At around noon on Nov. 3, Rudd and O’Brady boarded a Twin Otter ski plane that took off over Mount Rossman and banked east. After a 90-minute flight, they landed on the Ronne Ice Shelf.
O’Brady got out first and collected his gear. “Good luck,” Rudd told him, “I think we’re both going to make it.”
They hugged goodbye, likely their last human contact for at least two months. Then, while O’Brady strapped into his sled, the plane drove about a mile away to Rudd’s parallel starting point. (That means O’Brady technically had about a 10-minute head start, but it will likely prove negligible over such a long distance).
The Ronne Ice Shelf is 600-feet thick, floating in the ocean yet fused to shore. They began three miles away from their first way point and the beginning of the Antarctic continent. That’s where O’Brady set up camp, on the lip of the continent, after a three-hour haul.
The sky was still blue — there are 24 hours of daylight in the Antarctic summer — and it was a relatively balmy minus 25 Fahrenheit (minus 32 Celsius), without a trace of wind.
Despite the good weather, O’Brady was content to pace himself and build up to the longer days ahead. “Once you get in that rhythm or routine, that flow state starts to hit,” O’Brady said from his satellite phone.
But the weather will not always be so favorable. Temperatures can drop below minus 50 Fahrenheit (minus 45 Celsius), even in summer, and should a storm delay their progress and force them to remain in their tents for days, the competitors could run out of food.
Both men brought five days’ reserve, just in case.
Other dangers include hypothermia, frostbite and a chafing condition known as polar thigh. Infected wounds fester because the body heals more slowly in the cold.
Winds have been measured at up to nearly 60 miles per hour on the polar plateau, and if a strong gust carries away their tent, the journey will end right then.
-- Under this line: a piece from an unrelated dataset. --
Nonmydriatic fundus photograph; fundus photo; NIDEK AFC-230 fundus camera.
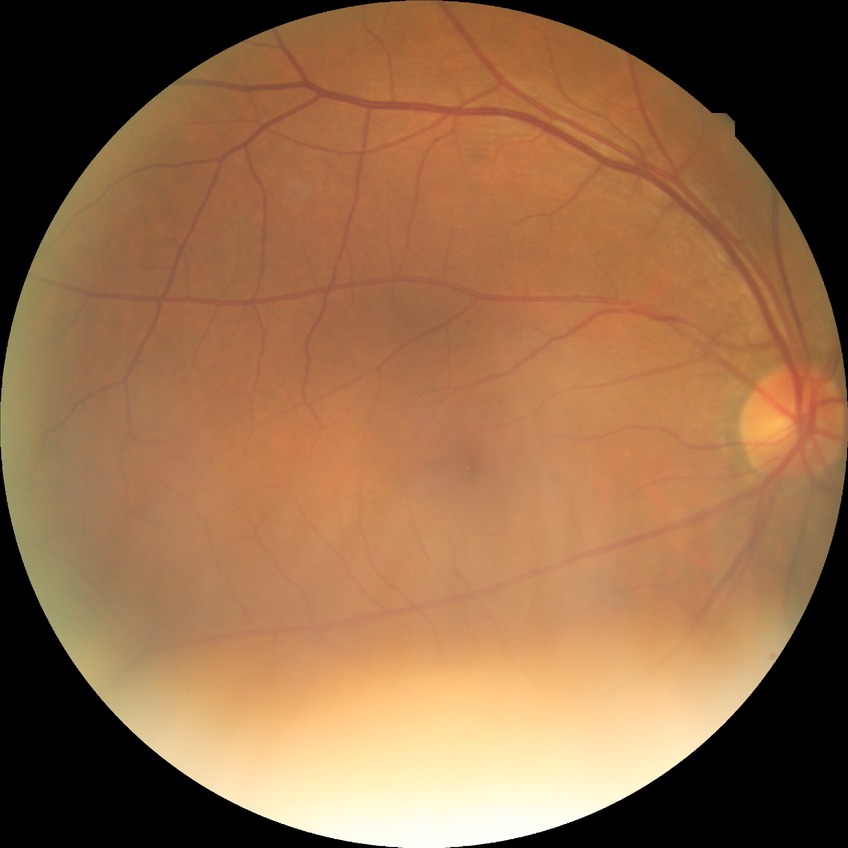
Diabetic retinopathy (DR) is no diabetic retinopathy (NDR).

Even milder winds can create whiteout conditions, when snow swirls and a polar fog can blot out the sky and whip the snow’s surface into sastrugi: wavelike speed bumps that can extend for miles and make hauling a heavy sled slow going. Both men have fallen in crevasses on other expeditions.
Then again, perhaps their greatest threat will be one another.
With two competitors attempting the crossing at the same time, will they track each other’s progress too closely? Push themselves past the point of exhaustion into mortal danger?
On their first day, Rudd went a little harder than O’Brady and skied 4.6 miles to grab an early lead. He maintained that edge for the next few days, but in nearly whiteout conditions Thursday, when both men had to stare at compasses bracketed to their chests to stay on track, O’Brady marched 20 miles in 12 hours to catch Rudd. On Friday, again in whiteout conditions, he pushed past Rudd and grabbed his first lead.
Whoever wins, if successful, these two men will be forever linked in polar lore.
“People have been trying to do this for 100 years, and nobody has successfully done it yet,” O’Brady said. “And here are two guys both pushing each other to hopefully conquer an impossible feat.”